TASK TO COMPLETE
Repeat, exactly as written, all of the entries, but not their pictures.

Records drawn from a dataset
↓↓↓

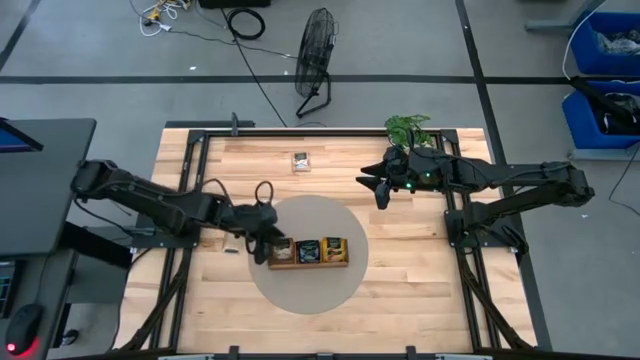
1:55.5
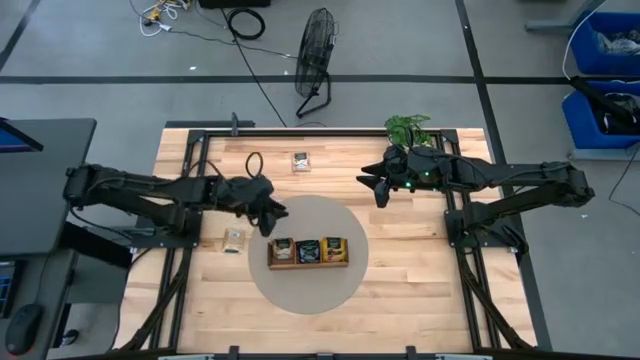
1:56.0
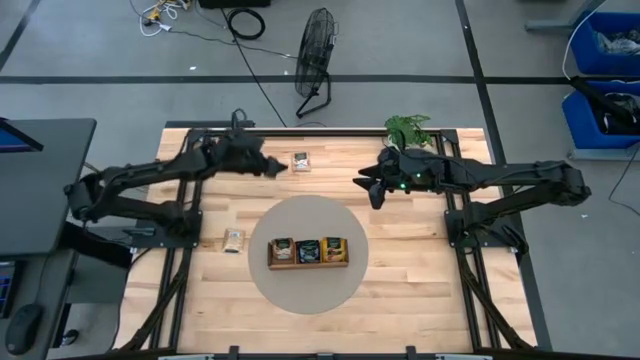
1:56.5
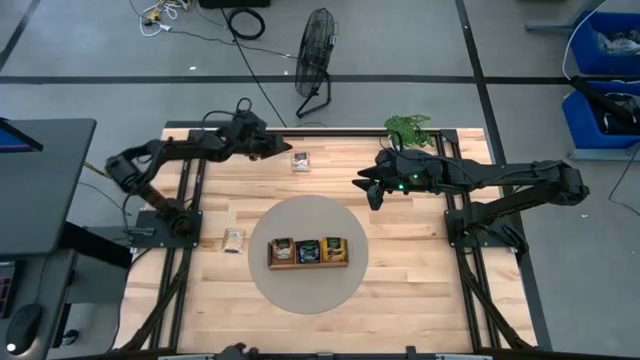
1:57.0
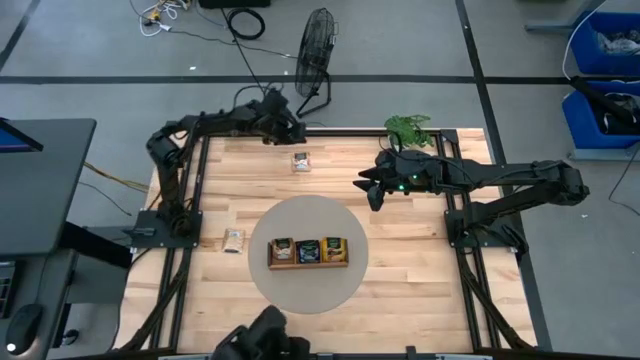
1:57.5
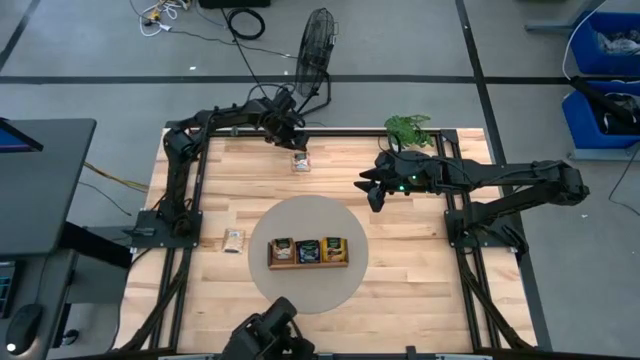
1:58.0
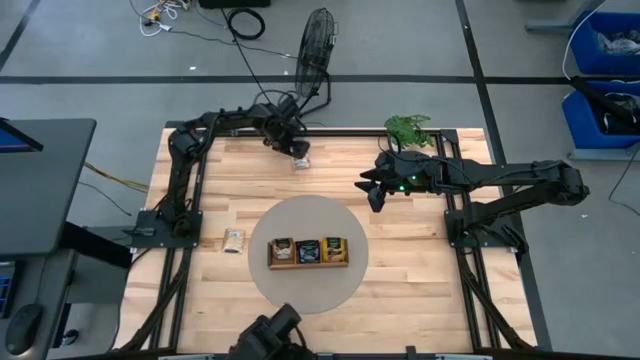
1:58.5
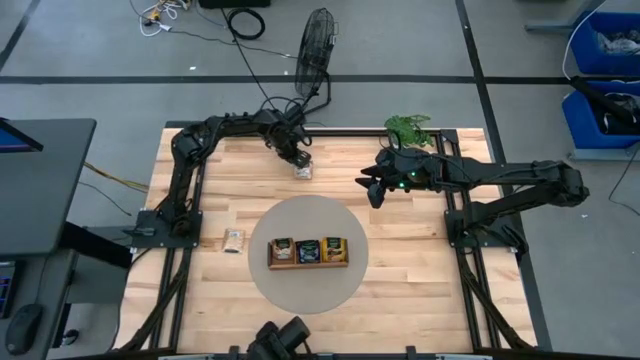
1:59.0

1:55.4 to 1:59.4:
Put the brown tea bag into the left section of the wooden organizer

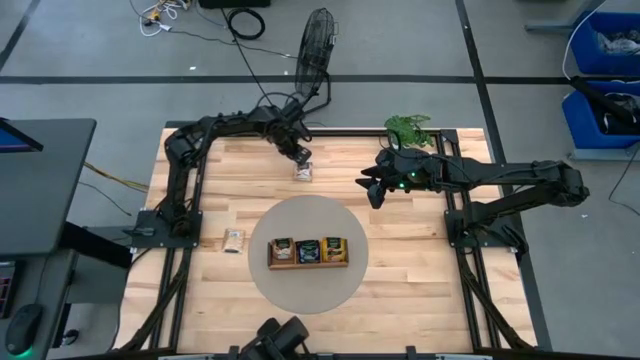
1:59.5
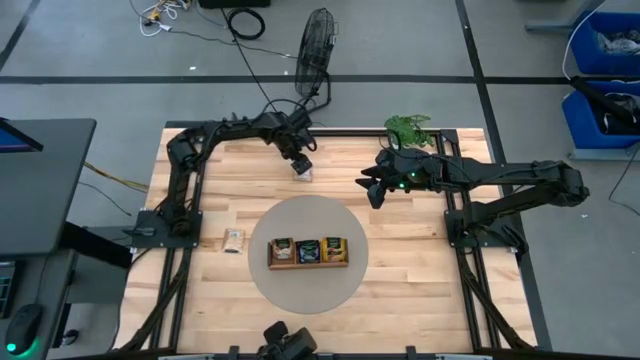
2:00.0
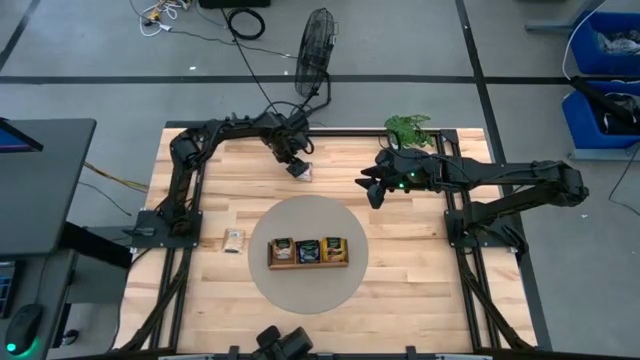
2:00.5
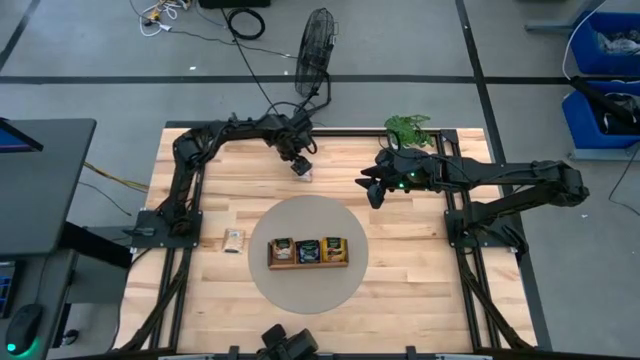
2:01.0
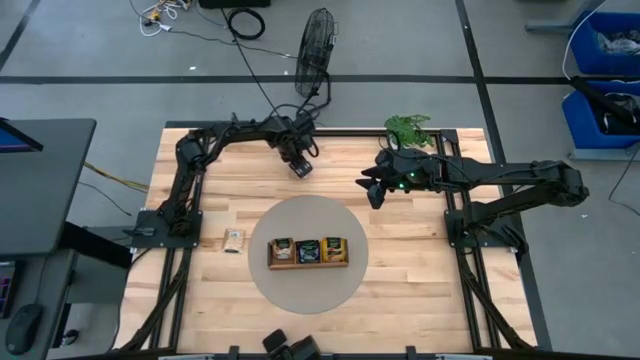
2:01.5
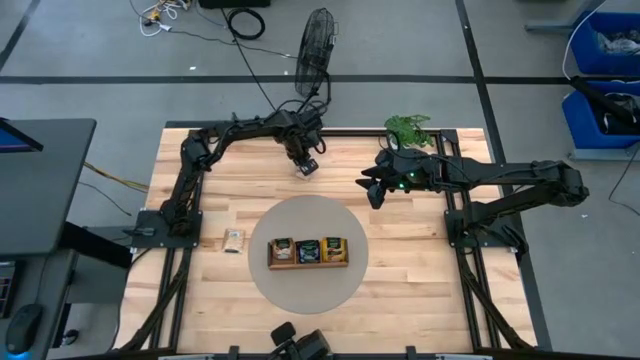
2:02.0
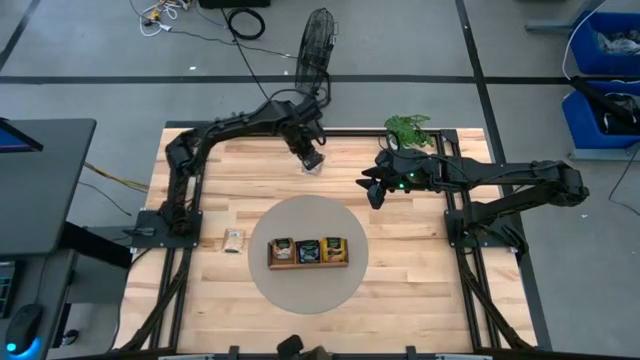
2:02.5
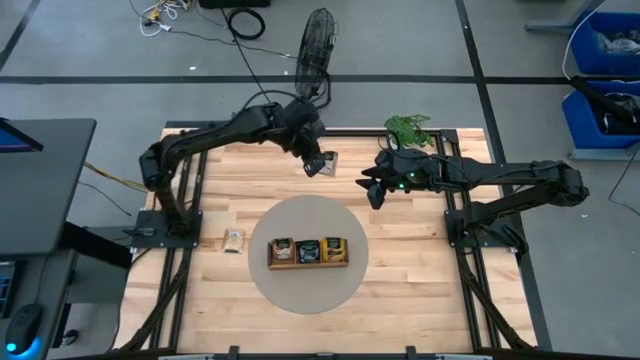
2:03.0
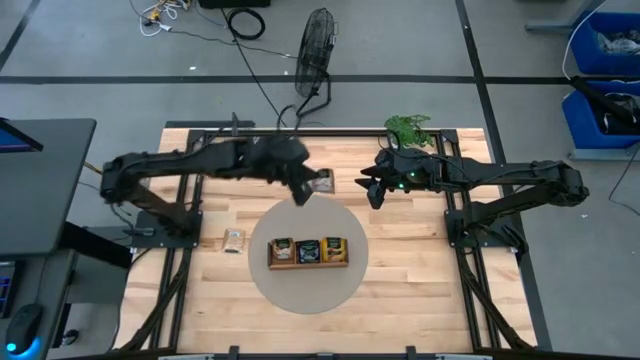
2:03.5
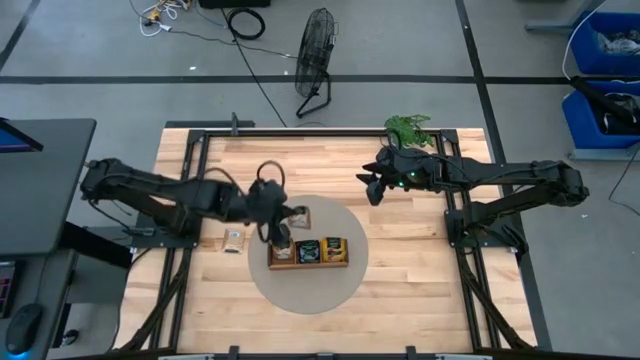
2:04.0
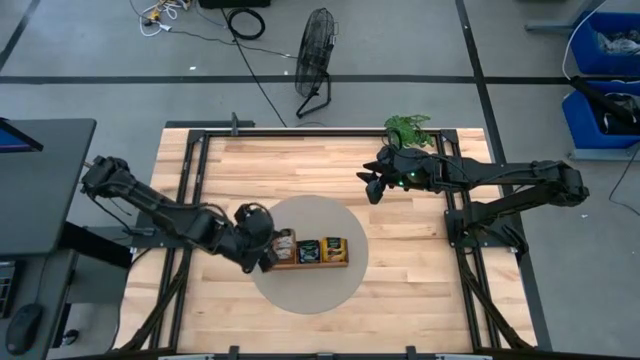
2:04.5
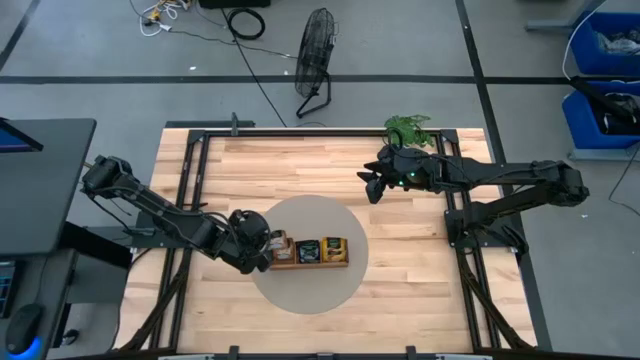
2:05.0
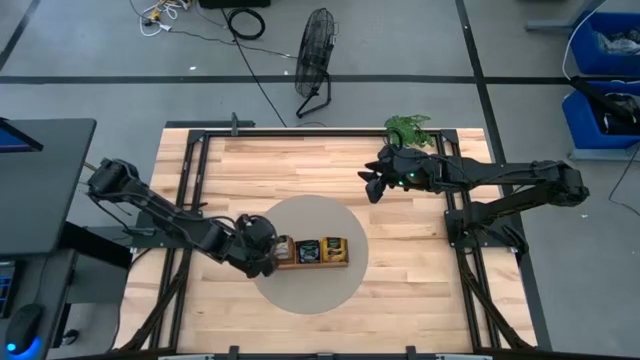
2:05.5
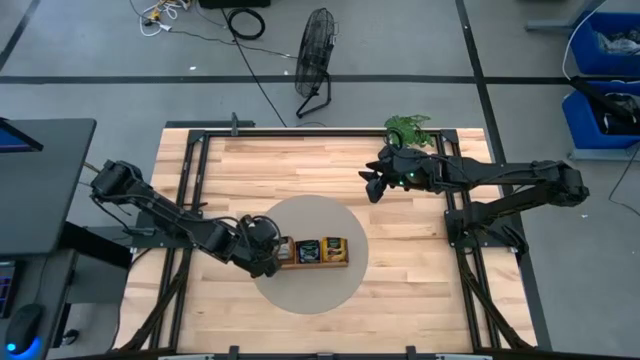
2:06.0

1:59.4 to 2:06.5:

↑↑↑

ANSWER TO THE EXERCISE
1:55.5
1:56.0
1:56.5
1:57.0
1:57.5
1:58.0
1:58.5
1:59.0

1:55.4 to 1:59.4:
Put the brown tea bag into the left section of the wooden organizer

1:59.5
2:00.0
2:00.5
2:01.0
2:01.5
2:02.0
2:02.5
2:03.0
2:03.5
2:04.0
2:04.5
2:05.0
2:05.5
2:06.0

1:59.4 to 2:06.5:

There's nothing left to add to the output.